Ogni giorno sbarcano sul molo di Sottomonastero almeno dieci mezzi pesanti di oltre quindici metri che trasportano merci diverse, dagli alimentari ai carburanti, dall’acqua minerale ai prodotti per l’edilizia, che pesano ciascuno non meno di trentacinque tonnellate e che si dirigono nelle diverse zone dell’isola.
Tutto questo peso deve essere sopportato da strade la cui costruzione risale agli anni cinquanta e che, ho il sospetto, non possono per natura e per legge (sarebbe interessante conoscere i limiti di collaudo) recepire transiti di quelle dimensioni.
I fatti sono che la strada di Pignataro collassa periodicamente, la provinciale che porta ad Acquacalda è transennata in più parti per il pericolo di crolli e nonostante questo viene quotidianamente attraversata da mezzi pesanti e bus da gran turismo.
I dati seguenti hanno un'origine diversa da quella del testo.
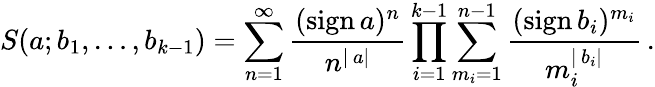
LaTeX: S(a;b_{1},\ldots,b_{k-1})=\sum_{n=1}^{\infty}\frac{(\mathrm{sign}\, a)^{n}}{n^{|\, a|}}\prod_{i=1}^{k-1}\sum_{m_{i}=1}^{n-1}\frac{(\mathrm{sign}\, b_{i})^{m_{i}}}{m_{i}^{|\, b_{i}|}}\, .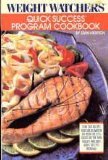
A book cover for Weight Watchers' Quick Success Program Cookbook; Jean T. Nidetch; Health, Fitness & Dieting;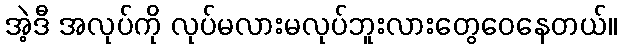
အဲ့ဒီ အလုပ်ကို လုပ်မလားမလုပ်ဘူးလားတွေဝေနေတယ်။

La provinciale per Pianoconte e Quattropani sembra reduce da bombardamenti a bassa quota. A ciò si aggiunga che non è esperienza inconsueta imbattersi in mezzi di natura diversa non autorizzati a percorrere strade pubbliche se non caricati su mezzi gommati idonei.
Tutela del territorio non significa soltanto invocare istericamente inutili riserve marine con compendio di enti gestori, mecenati disinteressati di origine esotica o più incidentalmente britannica, associazioni attente all’ambiente eoliano solo durante le ferie estive, acuti censori che considerano la “fauna” locale immeritevole di ciò che hanno costruito, protetto ed offerto al mondo. Tutelare il territorio significa anche sottrarlo a queste quotidiane prove ristabilendo il principio ragionevole della misura. Non esiste interesse economico che possa giustificare questa situazione, tanto più che se i benefici ricadono in capo a qualcuno, i costi al resto della comunità. In questo caso la spesa più onerosa ad un semplice abitante dell’isola che un pomeriggio, pensando di guadagnarne in salute, aveva deciso di fare un giro in bici.